* [Problem to work on] Emit only the lines from the line containing "263.781C223.245 271.062 229.806" through the last line of the entries, unchanged.

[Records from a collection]
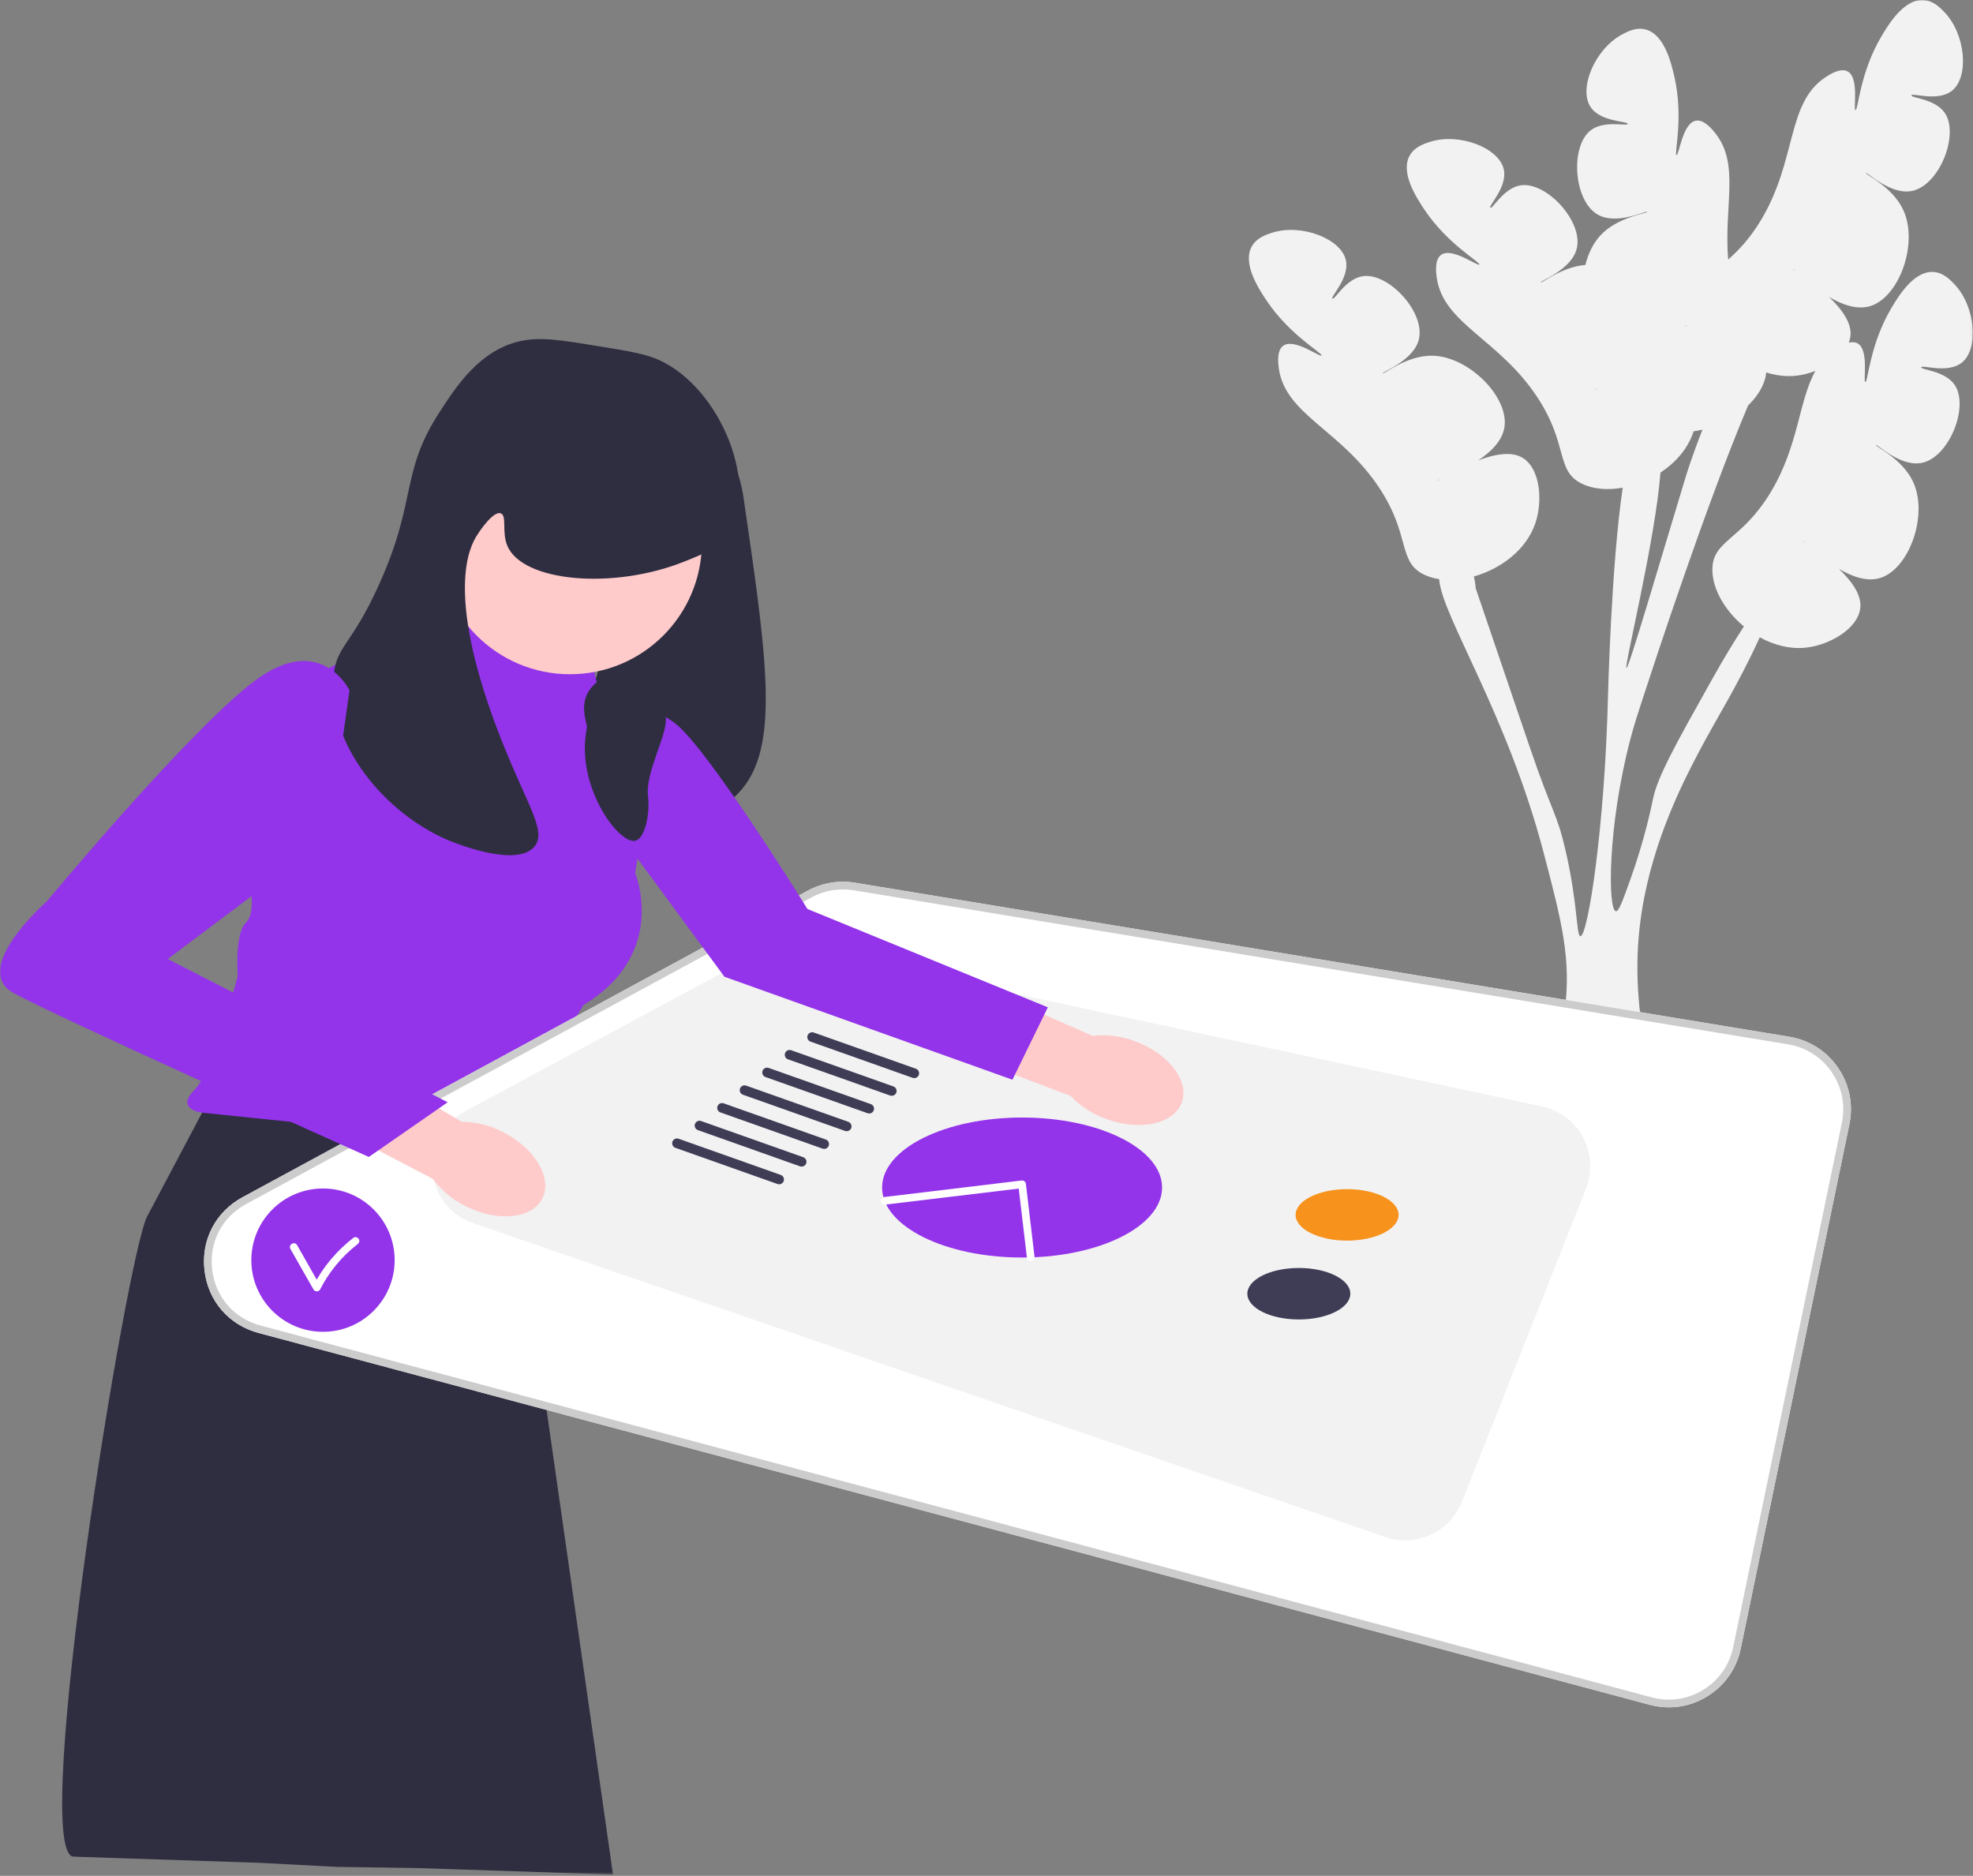 <svg width="771" height="733" viewBox="0 0 771 733" fill="none" xmlns="http://www.w3.org/2000/svg">
<rect x="0" y="0" width="771" height="733" fill="#808080" stroke="none"/>
<g clip-path="url(#clip0_95_871)">
<mask id="mask0_95_871" style="mask-type:luminance" maskUnits="userSpaceOnUse" x="0" y="0" width="771" height="733">
<path d="M770.936 0H0V732.5H770.936V0Z" fill="white"/>
</mask>
<g mask="url(#mask0_95_871)">
<path d="M733.063 173.909C733.438 173.357 742.767 182.748 751.251 180.816C761.821 178.408 769.553 158.776 763.822 150.379C760.028 144.822 750.594 144.561 750.791 143.518C751 142.403 761.153 146.142 766.676 141.676C773.386 136.252 771.984 119.755 763.775 111.102C762.133 109.37 759.405 106.495 755.487 106.267C747.791 105.819 741.75 115.95 739.095 120.403C730.652 134.56 729.96 149.413 728.919 149.274C727.956 149.146 730.512 136.716 725.879 134.171C724.865 133.614 723.659 133.622 722.46 133.899C722.763 133.114 722.982 132.307 723.092 131.477C723.787 126.242 719.628 120.677 714.714 116.012C719.832 119.044 725.617 121.147 730.736 119.643C742.169 116.283 749.777 95.083 743.766 82.069C739.568 72.979 728.862 68.177 729.215 67.656C729.59 67.105 738.919 76.496 747.404 74.563C757.974 72.156 765.706 52.524 759.974 44.127C756.181 38.569 746.747 38.308 746.943 37.266C747.153 36.151 757.306 39.889 762.829 35.424C769.538 29.999 768.136 13.502 759.928 4.849C758.285 3.118 755.557 0.242 751.639 0.014C743.944 -0.433 737.902 9.698 735.247 14.151C726.804 28.308 726.113 43.161 725.071 43.022C724.108 42.893 726.665 30.464 722.032 27.919C719.131 26.325 714.669 29.298 713.283 30.221C698.044 40.374 702.267 62.45 688.188 85.937C683.655 93.5 679.139 98.015 675.329 101.431C673.588 80.402 679.999 64.259 670.286 52.032C669.251 50.728 665.916 46.53 662.666 47.157C657.476 48.157 656.096 60.772 655.14 60.599C654.106 60.412 658.004 46.063 654.312 29.998C653.151 24.945 650.508 13.45 643.047 11.514C639.248 10.529 635.769 12.429 633.675 13.573C623.207 19.291 616.812 34.562 621.534 41.784C625.421 47.728 636.231 47.285 636.088 48.41C635.955 49.463 626.896 46.817 621.581 50.943C613.549 57.176 614.886 78.234 624.207 83.768C631.69 88.21 643.45 82.134 643.638 82.774C643.814 83.378 632.151 84.664 625.367 92.028C622.551 95.084 620.619 99.149 619.527 103.541C610.288 104.235 602.38 110.855 602.084 110.345C601.749 109.768 614.257 105.435 616.196 96.952C618.61 86.383 604.274 70.902 594.222 72.425C587.569 73.433 583.242 81.82 582.388 81.192C581.474 80.519 589.246 72.992 587.618 66.079C585.64 57.68 570.167 51.789 558.81 55.433C556.538 56.162 552.763 57.373 550.859 60.805C547.118 67.545 553.627 77.382 556.488 81.706C565.583 95.453 578.666 102.518 578.089 103.396C577.556 104.208 567.465 96.514 563.162 99.585C560.468 101.507 561.212 106.817 561.443 108.466C563.982 126.601 585.706 132.37 600.764 155.241C613.025 173.866 607.793 183.974 618.182 189.022C622.641 191.189 628.32 191.608 634.124 190.565C629.632 220.642 628.362 272.082 628.362 272.082C627.095 323.535 620.48 365.909 617.584 365.827C615.977 365.779 616.569 352.818 611.698 331.976C608.28 317.363 606.666 318.037 597.791 291.964C583.706 250.605 576.665 229.932 576.65 229.819C576.575 228.92 576.452 227.105 575.937 225.269C586.362 222.352 596.485 214.879 600.002 204.392C602.815 196.002 602.076 183.54 595.233 179.05C590.818 176.153 584 177.487 577.665 179.892C582.617 176.596 587.02 172.294 587.884 167.03C589.816 155.271 574.013 139.222 559.679 138.994C549.668 138.835 540.698 146.399 540.382 145.855C540.048 145.278 552.555 140.945 554.494 132.461C556.908 121.893 542.572 106.412 532.52 107.935C525.867 108.943 521.54 117.33 520.686 116.701C519.772 116.028 527.544 108.501 525.916 101.588C523.938 93.19 508.465 87.299 497.108 90.943C494.836 91.672 491.061 92.883 489.157 96.314C485.416 103.054 491.925 112.891 494.786 117.215C503.881 130.962 516.964 138.027 516.387 138.905C515.854 139.717 505.763 132.023 501.46 135.094C498.766 137.017 499.51 142.327 499.741 143.976C502.28 162.111 524.004 167.879 539.062 190.751C551.323 209.375 546.091 219.483 556.48 224.531C558.277 225.405 560.277 225.987 562.399 226.312V226.322C563.313 240.542 588.931 278.758 603.189 333.093C610.291 360.163 614.177 374.931 611.38 395.495C608.617 415.882 600.944 429.642 601.084 438.727C601.094 439.577 601.168 440.361 601.326 441.119L643.433 435.592C643.716 434.776 643.937 433.939 644.113 433.079C647.32 417.611 635.621 394.102 641.566 356.188C645.981 328.053 658.077 304.912 663.717 294.131C670.647 280.872 678.834 268.401 687.675 249.034C693.351 252.16 699.786 253.82 706.173 253.017C714.953 251.913 725.862 245.843 726.94 237.729C727.635 232.495 723.476 226.93 718.562 222.265C723.68 225.297 729.465 227.399 734.583 225.895C746.017 222.536 753.625 201.336 747.614 188.321C743.416 179.232 732.71 174.429 733.063 173.909ZM561.753 187.772C561.723 187.711 562.162 187.52 562.928 187.209C562.207 187.614 561.784 187.833 561.753 187.772ZM701.73 105.907C701.052 105.432 700.672 105.147 700.713 105.092C700.755 105.038 701.118 105.351 701.73 105.907ZM658.063 127.612C658.816 127.271 659.258 127.085 659.28 127.149C659.303 127.213 658.854 127.369 658.063 127.612ZM623.456 152.263C623.425 152.202 623.864 152.011 624.63 151.7C623.909 152.105 623.486 152.324 623.456 152.263ZM635.569 261.037C634.558 260.809 646.855 211.071 648.872 184.664C654.708 180.838 659.501 175.451 661.704 168.883C661.742 168.769 661.777 168.651 661.814 168.535C662.981 168.373 664.142 168.154 665.292 167.883C661.177 178.288 658.881 185.844 658.881 185.844C648.195 221.048 636.491 261.248 635.569 261.037ZM681.464 244.799C678.089 249.974 674.135 256.336 668.689 266.067C654.721 290.998 647.744 303.455 645.909 312.337C645.427 314.709 642.883 327.536 637.054 343.796C634.075 352.093 632.585 356.241 631.452 356.072C628.243 355.585 628.189 322.858 637.071 288.972C638.594 283.204 639.807 279.481 642.115 272.441C645.859 260.956 666.723 197.12 683.136 158.395L683.138 158.389C686.169 155.484 688.436 152.161 689.55 148.662C689.905 147.545 690.105 146.512 690.184 145.529C694.11 146.777 698.227 147.279 702.325 146.764C704.617 146.476 707.053 145.847 709.423 144.934C702.868 156.548 702.974 173.942 692.036 192.19C680.572 211.315 669.195 210.985 669.151 222.535C669.122 230.205 674.116 238.69 681.469 244.791L681.464 244.799ZM704.561 211.345C704.602 211.291 704.965 211.604 705.578 212.159C704.9 211.685 704.519 211.399 704.561 211.345Z" fill="#F2F2F2"/>
<path d="M264.226 161.609C270.655 160.538 277.651 168.39 280.573 171.669C288.374 180.425 290.003 190.61 290.633 194.933C300.574 263.159 305.544 297.271 284.974 313.138C265.426 328.217 229.693 324.173 222.728 310.623C220.015 305.345 222.283 299.823 225.872 289.246C232.504 269.697 236.413 249.324 242.219 229.514C255.477 184.283 254.364 163.253 264.226 161.609Z" fill="#2F2E41"/>
<path d="M88.804 416.253L57.519 475.302C49.532 490.376 11.742 722.574 28.547 725.5L101.343 727.915L131.548 729.5L162.593 729.947L239.548 732.5L196.321 430.085L88.804 416.253Z" fill="#2F2E41"/>
<path d="M165.826 243.032L228.072 245.547L233.102 266.296L248.092 278.525C253.604 283.021 256.307 290.11 255.19 297.134L248.192 341.117C248.192 341.117 261.396 372.555 228.072 392.675L194.749 446.747L79.059 434.801C79.059 434.801 68.37 433.544 75.915 425.999C83.46 418.454 92.891 381.357 92.891 381.357C92.891 381.357 91.634 365.01 96.035 360.609C100.436 356.207 97.372 344.89 97.372 344.89L115.274 278.715C118.762 265.82 130.462 256.865 143.82 256.865H163.673L165.826 243.032Z" fill="#9333EA"/>
<path d="M644.667 666.158L101.049 520.871C89.435 517.767 81.342 508.423 79.928 496.484C78.514 484.546 84.2 473.569 94.768 467.838L315.691 348.022C321.274 344.994 327.802 343.894 334.069 344.929L699.226 405.126C707.021 406.411 713.776 410.707 718.248 417.221C722.719 423.734 724.298 431.582 722.695 439.318L680.233 644.223C678.612 652.044 673.975 658.66 667.177 662.854C662.568 665.696 657.41 667.15 652.161 667.15C649.668 667.15 647.152 666.822 644.667 666.158Z" fill="white"/>
<path d="M644.667 666.158L101.049 520.871C89.435 517.767 81.342 508.423 79.928 496.484C78.514 484.546 84.2 473.569 94.768 467.838L315.691 348.022C321.274 344.994 327.802 343.894 334.069 344.929L699.226 405.126C707.021 406.411 713.776 410.707 718.248 417.221C722.719 423.734 724.298 431.582 722.695 439.318L680.233 644.223C678.612 652.044 673.975 658.66 667.177 662.854C662.568 665.696 657.41 667.15 652.161 667.15C649.668 667.15 647.152 666.822 644.667 666.158ZM698.737 408.087L333.581 347.889C327.968 346.962 322.122 347.947 317.121 350.659L96.198 470.475C86.734 475.607 81.64 485.438 82.907 496.131C84.174 506.823 91.422 515.192 101.824 517.973L645.442 663.26C652.353 665.105 659.513 664.056 665.602 660.3C671.691 656.545 675.844 650.618 677.296 643.613L719.757 438.709C721.193 431.781 719.778 424.752 715.774 418.918C711.77 413.084 705.719 409.237 698.737 408.087Z" fill="#CCCCCC"/>
<path d="M619.761 464.494L571.281 586.826C566.581 598.686 553.386 604.755 541.323 600.604L184.988 478C165.312 471.23 163.114 444.282 181.433 434.413L296.108 372.632C301.097 369.944 306.88 369.119 312.422 370.304L602.562 432.357C617 435.445 625.201 450.768 619.761 464.494Z" fill="#F2F2F2"/>
<path d="M526.414 484.787C537.526 484.787 546.534 480.283 546.534 474.727C546.534 469.171 537.526 464.667 526.414 464.667C515.302 464.667 506.294 469.171 506.294 474.727C506.294 480.283 515.302 484.787 526.414 484.787Z" fill="#F7931D"/>
<path d="M507.552 515.595C518.664 515.595 527.672 511.091 527.672 505.535C527.672 499.979 518.664 495.475 507.552 495.475C496.44 495.475 487.432 499.979 487.432 505.535C487.432 511.091 496.44 515.595 507.552 515.595Z" fill="#3F3D56"/>
<path d="M399.407 491.388C429.617 491.388 454.108 479.143 454.108 464.038C454.108 448.933 429.617 436.687 399.407 436.687C369.196 436.687 344.706 448.933 344.706 464.038C344.706 479.143 369.196 491.388 399.407 491.388Z" fill="#9333EA"/>
<path d="M304.466 462.781C305.242 462.781 305.969 462.298 306.244 461.524C306.591 460.542 306.077 459.464 305.096 459.116L265.18 444.969C264.2 444.622 263.12 445.135 262.772 446.117C262.424 447.099 262.938 448.177 263.92 448.525L303.836 462.672C304.044 462.746 304.256 462.781 304.466 462.781Z" fill="#3F3D56"/>
<path d="M313.268 455.865C314.044 455.865 314.772 455.382 315.046 454.608C315.394 453.626 314.88 452.548 313.898 452.2L273.982 438.053C273.003 437.706 271.923 438.219 271.574 439.201C271.227 440.183 271.741 441.261 272.722 441.609L312.638 455.756C312.846 455.83 313.059 455.865 313.268 455.865Z" fill="#3F3D56"/>
<path d="M322.071 448.949C322.847 448.949 323.574 448.465 323.849 447.692C324.196 446.71 323.682 445.632 322.701 445.283L282.785 431.137C281.805 430.79 280.725 431.302 280.377 432.285C280.029 433.267 280.543 434.345 281.525 434.693L321.441 448.84C321.649 448.913 321.861 448.949 322.071 448.949Z" fill="#3F3D56"/>
<path d="M330.873 442.032C331.649 442.032 332.377 441.549 332.651 440.775C332.999 439.794 332.485 438.715 331.503 438.367L291.587 424.22C290.608 423.873 289.527 424.386 289.179 425.369C288.832 426.35 289.345 427.429 290.327 427.777L330.243 441.924C330.451 441.997 330.664 442.032 330.873 442.032Z" fill="#3F3D56"/>
<path d="M339.675 435.116C340.452 435.116 341.179 434.633 341.454 433.859C341.801 432.877 341.287 431.799 340.305 431.451L300.39 417.304C299.41 416.957 298.33 417.47 297.982 418.452C297.634 419.434 298.148 420.512 299.13 420.86L339.046 435.007C339.254 435.081 339.466 435.116 339.675 435.116Z" fill="#3F3D56"/>
<path d="M348.478 428.2C349.254 428.2 349.982 427.717 350.256 426.943C350.604 425.961 350.09 424.883 349.108 424.535L309.192 410.388C308.212 410.042 307.133 410.554 306.784 411.536C306.437 412.518 306.95 413.596 307.932 413.944L347.848 428.091C348.056 428.165 348.269 428.2 348.478 428.2Z" fill="#3F3D56"/>
<path d="M357.281 421.284C358.057 421.284 358.784 420.8 359.059 420.027C359.406 419.045 358.892 417.967 357.91 417.618L317.995 403.472C317.015 403.125 315.935 403.637 315.587 404.62C315.239 405.602 315.753 406.68 316.735 407.028L356.651 421.175C356.859 421.249 357.071 421.284 357.281 421.284Z" fill="#3F3D56"/>
<path d="M222.728 263.467C251.202 263.467 274.286 240.384 274.286 211.909C274.286 183.435 251.202 160.352 222.728 160.352C194.254 160.352 171.171 183.435 171.171 211.909C171.171 240.384 194.254 263.467 222.728 263.467Z" fill="#FECACA"/>
<path d="M233.417 135.202C218.901 132.836 211.106 131.565 203.237 133.316C187.474 136.823 178.33 150.915 171.799 160.981C156.182 185.051 163.243 195.167 147.907 228.886C136.905 253.074 131.359 252.074 130.302 264.724C128.083 291.278 150.671 317.84 174.943 328.228C176.564 328.922 201.788 339.477 208.896 330.743C214.106 324.34 204.902 313.32 193.806 283.587C174.294 231.306 183.514 213.833 186.261 209.394C187.996 206.59 192.946 199.62 195.692 200.592C198.176 201.471 196.026 207.85 198.207 213.167C204.051 227.41 239.57 230.573 267.369 219.454C275.567 216.175 280.598 214.164 284.346 208.766C297.062 190.45 281.881 152.068 257.938 140.861C252.491 138.311 246.133 137.275 233.417 135.202Z" fill="#2F2E41"/>
<path d="M196.554 442.382C209.093 448.742 215.976 460.368 211.927 468.347C207.878 476.326 194.432 477.637 181.889 471.273C176.844 468.8 172.464 465.154 169.117 460.641L116.328 433.021L129.817 408.525L180.426 438.354C186.046 438.389 191.577 439.77 196.554 442.382Z" fill="#FECACA"/>
<path d="M443.448 406.845C456.657 411.662 464.879 422.383 461.811 430.789C458.744 439.195 445.551 442.101 432.338 437.28C427.033 435.427 422.25 432.33 418.388 428.249L362.678 407.129L373.146 381.198L426.954 404.771C432.539 404.135 438.195 404.846 443.448 406.845Z" fill="#FECACA"/>
<path d="M136.589 269.754C136.589 269.754 125.901 247.748 101.379 264.724C76.858 281.701 18.384 352.12 18.384 352.12C18.384 352.12 -11.796 378.528 5.181 387.959C22.157 397.39 144.134 452.092 144.134 452.092L174.943 430.714L65.541 374.755L128.383 327.599L136.589 269.754Z" fill="#9333EA"/>
<path d="M243.477 282.958C243.477 282.958 250.957 272.269 264.193 282.958C277.429 293.647 315.523 355.193 315.523 355.193L409.467 393.618L395.634 421.912L283.088 381.672L234.046 315.024L243.477 282.958Z" fill="#9333EA"/>
<path d="M237.504 263.781C223.245 271.062 229.806 282.241 229.33 284.53C224.696 306.82 241.636 329.907 248.192 328.542C252.039 327.742 254.061 318.161 253.222 310.937C252.135 301.573 261.142 286.749 260.139 280.129C257.678 263.886 272.525 263.582 269.57 257.494C267.838 253.926 246.001 259.442 237.504 263.781Z" fill="#2F2E41"/>
<path d="M402.787 492.835C402.846 492.835 402.905 492.832 402.965 492.824C403.788 492.727 404.376 491.981 404.278 491.158L400.897 462.604C400.85 462.209 400.648 461.849 400.335 461.602C400.021 461.356 399.625 461.246 399.228 461.292L345.519 467.751C344.696 467.85 344.11 468.597 344.209 469.419C344.308 470.242 345.055 470.833 345.877 470.729L398.094 464.45L401.299 491.512C401.389 492.274 402.037 492.835 402.787 492.835Z" fill="white"/>
<path d="M126.217 520.413C141.681 520.413 154.217 507.877 154.217 492.413C154.217 476.949 141.681 464.413 126.217 464.413C110.753 464.413 98.217 476.949 98.217 492.413C98.217 507.877 110.753 520.413 126.217 520.413Z" fill="#9333EA"/>
<path d="M113.495 488.046L122.495 503.873C123.03 504.815 124.568 504.883 125.085 503.873C128.6 497.009 133.564 490.933 139.683 486.224C140.33 485.726 140.659 484.939 140.222 484.171C139.86 483.536 138.81 483.14 138.169 483.633C131.633 488.663 126.258 495.009 122.495 502.359H125.085L116.086 486.532C115.131 484.854 112.539 486.364 113.495 488.046Z" fill="white"/>
</g>
</g>
<defs>
<clipPath id="clip0_95_871">
<rect width="771" height="733" fill="white"/>
</clipPath>
</defs>
</svg>

* [Answer for the task]
<path d="M237.504 263.781C223.245 271.062 229.806 282.241 229.33 284.53C224.696 306.82 241.636 329.907 248.192 328.542C252.039 327.742 254.061 318.161 253.222 310.937C252.135 301.573 261.142 286.749 260.139 280.129C257.678 263.886 272.525 263.582 269.57 257.494C267.838 253.926 246.001 259.442 237.504 263.781Z" fill="#2F2E41"/>
<path d="M402.787 492.835C402.846 492.835 402.905 492.832 402.965 492.824C403.788 492.727 404.376 491.981 404.278 491.158L400.897 462.604C400.85 462.209 400.648 461.849 400.335 461.602C400.021 461.356 399.625 461.246 399.228 461.292L345.519 467.751C344.696 467.85 344.11 468.597 344.209 469.419C344.308 470.242 345.055 470.833 345.877 470.729L398.094 464.45L401.299 491.512C401.389 492.274 402.037 492.835 402.787 492.835Z" fill="white"/>
<path d="M126.217 520.413C141.681 520.413 154.217 507.877 154.217 492.413C154.217 476.949 141.681 464.413 126.217 464.413C110.753 464.413 98.217 476.949 98.217 492.413C98.217 507.877 110.753 520.413 126.217 520.413Z" fill="#9333EA"/>
<path d="M113.495 488.046L122.495 503.873C123.03 504.815 124.568 504.883 125.085 503.873C128.6 497.009 133.564 490.933 139.683 486.224C140.33 485.726 140.659 484.939 140.222 484.171C139.86 483.536 138.81 483.14 138.169 483.633C131.633 488.663 126.258 495.009 122.495 502.359H125.085L116.086 486.532C115.131 484.854 112.539 486.364 113.495 488.046Z" fill="white"/>
</g>
</g>
<defs>
<clipPath id="clip0_95_871">
<rect width="771" height="733" fill="white"/>
</clipPath>
</defs>
</svg>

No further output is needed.